Ultramarathons: Lessons Learned from the NYRR NYC 60k

I ran the NYRR NYC 60k, my first ultramarathon, last weekend. At 37.2 miles, the 60k is a shorter ultra (many ultras total 50-100 miles). Regardless, as most people define “ultramarathon” as any distance longer than a marathon, I can now call myself an “ultramarathoner.”

60k Buckle Photo

The 60k belt buckle bling (repost from nyrr.org)

While I was happy with my preparation and how I ran, I learned a lot about how to survive an ultra. Below are my ultramarathon “lessons learned:”

1) Respect the distance. The most important lesson. After the NYC Marathon, I thought that running a race only 11 miles longer would be simple. I ran strong throughout the 60k, but slowed toward the end and got passed by two runners I had outrun for 34 miles. If I reran this race, I would reduce my early race pace by about 5-10 seconds/mile, and run hard the last two loops.

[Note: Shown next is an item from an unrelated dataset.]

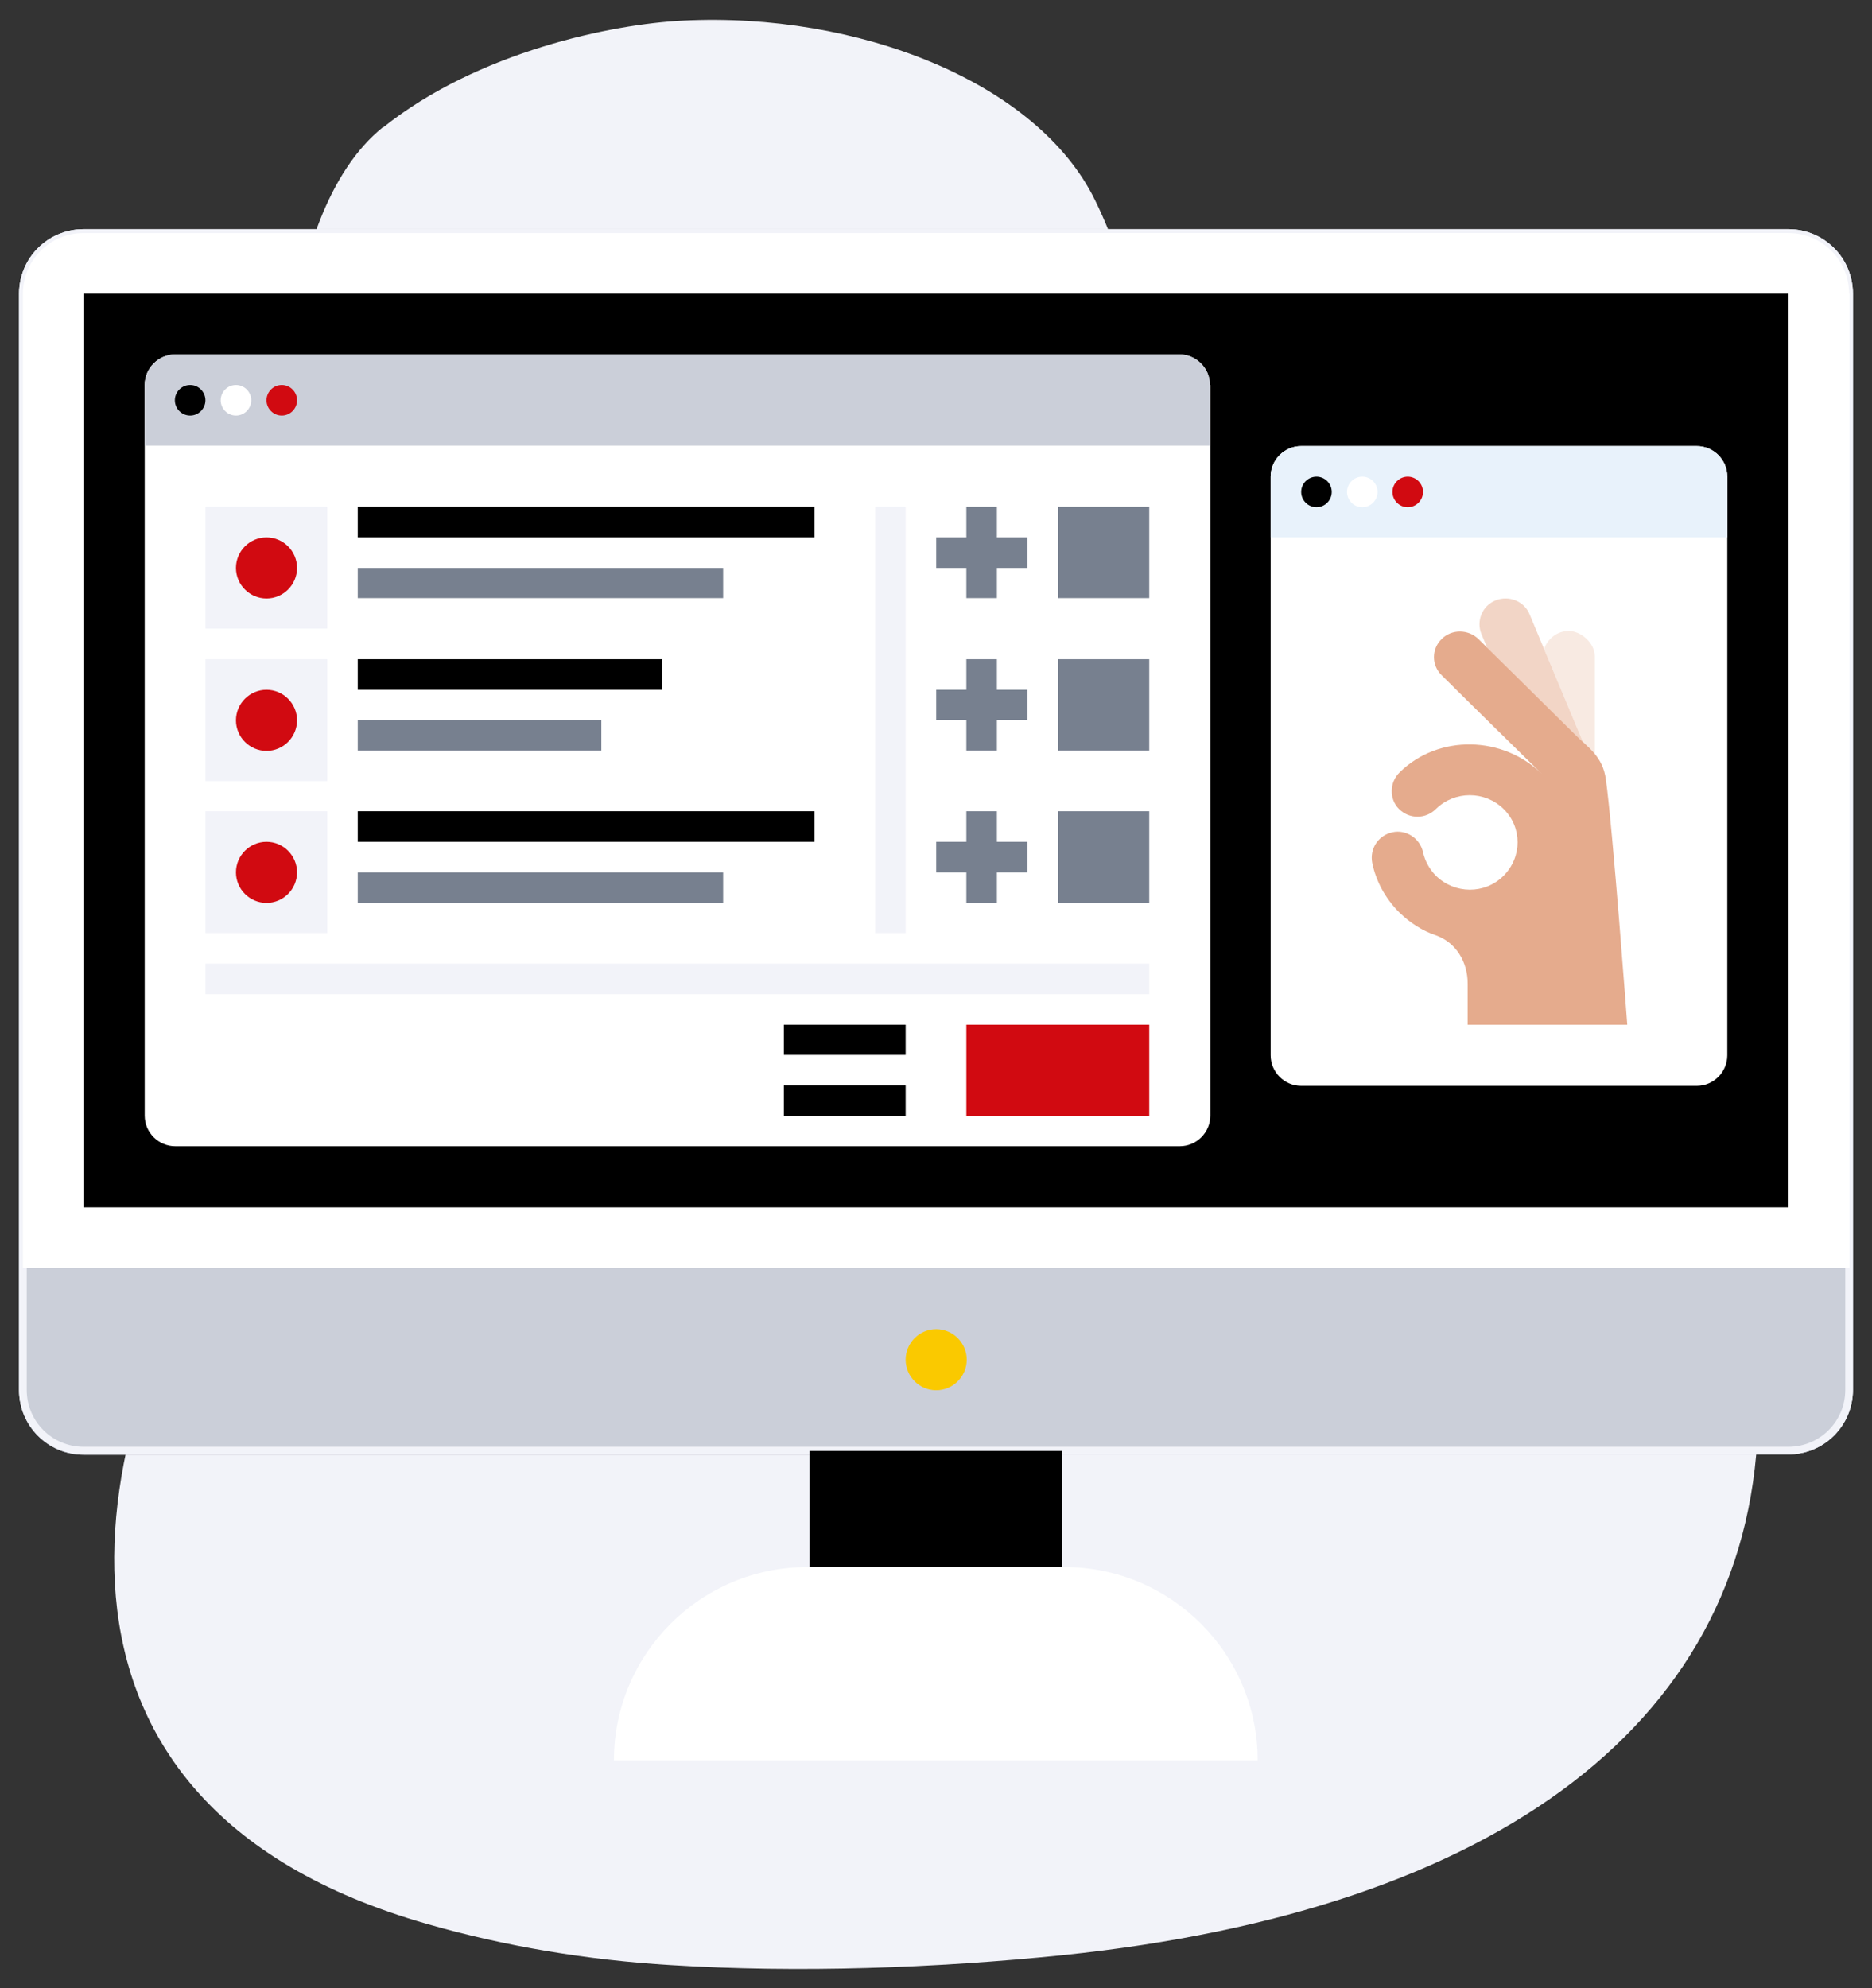 <svg xmlns="http://www.w3.org/2000/svg" id="Warstwa_1" viewBox="0 0 490.3 520.6"><rect x="0" y="0" width="490.3" height="520.6" fill="#333333" stroke="none"/><defs><style>      .st0 {        fill: #d10a11;      }      .st0, .st1, .st2, .st3, .st4, .st5, .st6, .st7, .st8, .st9, .st10, .st11, .st12 {        fill-rule: evenodd;      }      .st1, .st9 {        fill: #cbcfd9;      }      .st2 {        fill: #e8f2fb;      }      .st3 {        fill: #e5ab8d;      }      .st4 {        fill: #fff;      }      .st5 {        fill: #f2d5c6;      }      .st5, .st6 {        isolation: isolate;      }      .st6 {        fill: #f8eae2;      }      .st7 {        fill: #fac900;      }      .st9 {        stroke: #cbcfd9;      }      .st9, .st11 {        stroke-miterlimit: 10;        stroke-width: 2px;      }      .st10 {        fill: #f2f3f9;      }      .st11 {        fill: none;        stroke: #f2f3f9;      }      .st12 {        fill: #77808f;      }    </style></defs><path id="Fill-1" class="st10" d="M100.3,33.4c24.9-19.9,60.1-27.1,78.6-28,45.4-2.3,92.7,15.9,107.9,47,21.6,44,12.4,95.5,14.9,141.3.8,15.3-.8,32.2,6.8,46.9,18.1,34.9,98.5,37.4,130.5,68.8,17.5,17.2,21.7,39.8,21.5,60.4-.7,80.6-68.2,130.3-182.2,142.1-33.2,3.4-69.2,4.7-102.6,2.6-21.7-1.3-43.4-4.9-63.6-10.7C-.2,471.9,22.6,371.6,63.4,310.2c15.7-23.6,36.5-47.2,43.2-73.2,6.9-26.7-10.9-47-21.3-71.8-16.7-39.6-13.2-109.3,15-131.9h0Z"></path><g id="Combined-Shape"><g><path id="path-1" class="st9" d="M213.3,379.9H21.9c-8.8,0-15.9-7.1-15.9-15.9h0V76.9c0-8.8,7.1-15.9,15.9-15.9h446.5c8.8,0,15.9,7.1,15.9,15.9h0v287c0,8.8-7.1,15.9-15.9,15.9h-191.3v31.9h.8c26,.4,47,21.7,47,47.8h-159.4c0-26.4,21.4-47.8,47.8-47.8h0v-31.9h0Z"></path><path id="path-1-2" class="st9" d="M213.3,379.9H21.9c-8.8,0-15.9-7.1-15.9-15.9h0V76.9c0-8.8,7.1-15.9,15.9-15.9h446.5c8.8,0,15.9,7.1,15.9,15.9h0v287c0,8.8-7.1,15.9-15.9,15.9h-191.3v31.9h.8c26,.4,47,21.7,47,47.8h-159.4c0-26.4,21.4-47.8,47.8-47.8h0v-31.9h0Z"></path></g></g><path id="Fill-1-2" class="st11" d="M484.3,76.9c0-8.8-7.1-15.9-15.9-15.9H21.9c-8.8,0-15.9,7.1-15.9,15.9v287c0,8.8,7.1,15.9,15.9,15.9h446.5c8.8,0,15.9-7.1,15.9-15.9V76.9Z"></path><path id="Fill-2" class="st4" d="M484.3,76.9c0-8.8-7.1-15.9-15.9-15.9H21.9c-8.8,0-15.9,7.1-15.9,15.9v255.1h478.4V76.9h0Z"></path><path id="Fill-3" class="st4" d="M329.4,460.9c0-27.9-22.7-50.6-50.6-50.6h-67.4c-27.9,0-50.6,22.7-50.6,50.6h168.5,0Z"></path><polygon id="Fill-4" class="st8" points="212 410.3 278.1 410.3 278.1 379.9 212 379.9 212 410.3"></polygon><polygon id="Fill-5" class="st8" points="21.9 316.1 468.4 316.1 468.4 76.9 21.9 76.9 21.9 316.1"></polygon><path id="Fill-6" class="st7" d="M245.2,348c4.4,0,8,3.6,8,8s-3.6,8-8,8-8-3.6-8-8,3.6-8,8-8Z"></path><path id="Fill-7" class="st4" d="M316.9,100.8c0-4.4-3.6-8-8-8H45.9c-4.4,0-8,3.6-8,8v191.3c0,4.4,3.6,8,8,8h263.1c4.4,0,8-3.6,8-8V100.8Z"></path><path id="Fill-8" class="st1" d="M316.9,100.8c0-4.4-3.6-8-8-8H45.9c-4.4,0-8,3.6-8,8v15.9h279v-15.9h0Z"></path><path id="Fill-9" class="st8" d="M49.8,100.8c2.2,0,4,1.8,4,4s-1.8,4-4,4-4-1.8-4-4,1.8-4,4-4Z"></path><path id="Fill-10" class="st4" d="M61.8,100.8c2.2,0,4,1.8,4,4s-1.8,4-4,4-4-1.8-4-4,1.8-4,4-4Z"></path><path id="Fill-11" class="st0" d="M73.8,100.8c2.2,0,4,1.8,4,4s-1.8,4-4,4-4-1.8-4-4,1.8-4,4-4Z"></path><path id="Fill-12" class="st4" d="M452.4,124.8c0-4.4-3.6-8-8-8h-103.6c-4.4,0-8,3.6-8,8v151.5c0,4.4,3.6,8,8,8h103.6c4.4,0,8-3.6,8-8V124.8Z"></path><path id="Fill-13" class="st6" d="M404.4,170c.9-2.8,3.5-4.8,6.5-4.8s6.8,3,6.8,6.7v35.4l-10.1-17.3,7.6,5.8-10.8-25.9h0Z"></path><path id="Fill-15" class="st5" d="M389.5,169.6l-1.5-3.6c-1.4-3.4.2-7.4,3.7-8.8,3.5-1.4,7.5.2,8.9,3.6l14,33.5c-.7-.7-1.5-1.3-2.2-2-6.3-6.2-17.1-16.9-22.9-22.7h0Z"></path><path id="Fill-17" class="st3" d="M384.3,268.3h41.9s-3.8-51.4-5.6-64.2c-.8-6.1-4.7-8.4-8.1-11.8-7.3-7.2-20.7-20.5-25.3-25-2.7-2.6-7-2.6-9.6,0-2.7,2.6-2.7,6.9,0,9.5,4.9,4.9,21.6,21.3,26.3,25.9-10.2-10.1-27.1-10.5-37.3-.5-2.7,2.6-2.8,7-.2,9.6,2.7,2.7,7,2.7,9.7,0,4.9-4.8,12.8-4.8,17.7,0,4.9,4.8,4.9,12.6,0,17.5s-12.8,4.8-17.7,0c-1.7-1.7-2.9-3.9-3.4-6.2-.8-3.6-4.4-6-8-5.2-3.7.8-6,4.3-5.3,8,1,4.9,3.5,9.4,7.1,13,2.8,2.7,6,4.8,9.6,6,5.3,1.9,8.3,7,8.3,12.6v10.8h0Z"></path><path id="Fill-18" class="st2" d="M452.4,124.8c0-4.4-3.6-8-8-8h-103.6c-4.4,0-8,3.6-8,8v15.9h119.6v-15.9h0Z"></path><path id="Fill-19" class="st8" d="M344.8,124.8c2.2,0,4,1.8,4,4s-1.8,4-4,4-4-1.8-4-4,1.8-4,4-4Z"></path><path id="Fill-20" class="st4" d="M356.8,124.8c2.2,0,4,1.8,4,4s-1.8,4-4,4-4-1.8-4-4,1.8-4,4-4Z"></path><path id="Fill-21" class="st0" d="M368.7,124.8c2.2,0,4,1.8,4,4s-1.8,4-4,4-4-1.8-4-4,1.8-4,4-4Z"></path><polygon id="Fill-22" class="st10" points="53.8 164.6 85.7 164.6 85.7 132.7 53.8 132.7 53.8 164.6"></polygon><polygon id="Fill-23" class="st10" points="53.8 204.5 85.7 204.5 85.7 172.6 53.8 172.6 53.8 204.5"></polygon><polygon id="Fill-24" class="st10" points="53.8 244.3 85.7 244.3 85.7 212.4 53.8 212.4 53.8 244.3"></polygon><polygon id="Fill-25" class="st8" points="93.7 140.7 213.3 140.7 213.3 132.7 93.7 132.7 93.7 140.7"></polygon><polygon id="Fill-26" class="st12" points="93.7 156.6 189.4 156.6 189.4 148.7 93.7 148.7 93.7 156.6"></polygon><polygon id="Fill-27" class="st8" points="93.7 220.4 213.3 220.4 213.3 212.4 93.7 212.4 93.7 220.4"></polygon><polygon id="Fill-28" class="st12" points="93.7 236.4 189.4 236.4 189.4 228.4 93.7 228.4 93.7 236.4"></polygon><polygon id="Fill-29" class="st10" points="53.8 260.3 301 260.3 301 252.3 53.8 252.3 53.8 260.3"></polygon><polygon id="Fill-30" class="st10" points="229.2 244.3 237.2 244.3 237.2 132.7 229.2 132.7 229.2 244.3"></polygon><polygon id="Fill-31" class="st8" points="93.7 180.6 173.4 180.6 173.4 172.6 93.7 172.6 93.7 180.6"></polygon><polygon id="Fill-32" class="st12" points="93.7 196.5 157.5 196.5 157.5 188.5 93.7 188.5 93.7 196.5"></polygon><path id="Fill-33" class="st0" d="M69.8,140.7c4.4,0,8,3.6,8,8s-3.6,8-8,8-8-3.6-8-8,3.6-8,8-8Z"></path><path id="Fill-34" class="st0" d="M69.8,180.6c4.4,0,8,3.6,8,8s-3.6,8-8,8-8-3.6-8-8,3.6-8,8-8Z"></path><path id="Fill-35" class="st0" d="M69.8,220.4c4.4,0,8,3.6,8,8s-3.6,8-8,8-8-3.6-8-8,3.6-8,8-8Z"></path><polygon class="st12" points="269.1 140.7 261.1 140.7 261.1 132.7 253.1 132.7 253.1 140.7 245.2 140.7 245.2 148.7 253.1 148.7 253.1 156.6 261.1 156.6 261.1 148.7 269.1 148.7 269.1 140.7"></polygon><polygon class="st12" points="269.1 180.6 261.1 180.6 261.1 172.6 253.1 172.6 253.1 180.6 245.2 180.6 245.2 188.5 253.1 188.5 253.1 196.5 261.1 196.5 261.1 188.5 269.1 188.5 269.1 180.6"></polygon><polygon class="st12" points="269.1 220.4 261.1 220.4 261.1 212.4 253.1 212.4 253.1 220.4 245.2 220.4 245.2 228.4 253.1 228.4 253.1 236.4 261.1 236.4 261.1 228.4 269.1 228.4 269.1 220.4"></polygon><polygon id="Fill-42" class="st0" points="253.1 292.2 301 292.2 301 268.3 253.1 268.3 253.1 292.2"></polygon><polygon id="Fill-43" class="st8" points="205.3 276.2 237.2 276.2 237.2 268.3 205.3 268.3 205.3 276.2"></polygon><polygon id="Fill-44" class="st8" points="205.3 292.2 237.2 292.2 237.2 284.2 205.3 284.2 205.3 292.2"></polygon><polygon id="Fill-45" class="st12" points="277.1 156.6 301 156.6 301 132.7 277.1 132.7 277.1 156.6"></polygon><polygon id="Fill-46" class="st12" points="277.1 196.5 301 196.5 301 172.6 277.1 172.6 277.1 196.5"></polygon><polygon id="Fill-47" class="st12" points="277.1 236.4 301 236.4 301 212.4 277.1 212.4 277.1 236.4"></polygon></svg>

2) Fuel early and often. Many ultrarunners eat about 240-340 calories/hour. I followed this plan, eating two GU gels (100 calories each) and either a banana (~100 calories) or a bag of pretzels (~120 calories) every hour. Further, I began my GU gel intake after the fifth mile, about 2-3 miles earlier than I had my first gel during the NYC Marathon. This likely helped me maintain an early steady state. I did not hit the wall.

3) Muscle endurance. I felt very confident about my aerobic fitness before the NYC Marathon and the 60k. I have consistently espoused my love of the Maffetone Method and its emphasis on developing the aerobic system. That said, prior to the 60k my long runs included a 20-miler, 22-miler, and the marathon. These runs provided a solid, but not ideal, base for running an ultra. To see how experienced ultrarunners recommend a rookie ultrarunner to train, check out the Ultra Ladies 50k (31 miles) training plan. The main differences between 50k/60k and marathon training are the long runs followed by a second long-ish run. This training allows the body to develop the muscle endurance necessary to run harder, longer. Without that type of training, aerobic fitness only takes you so far.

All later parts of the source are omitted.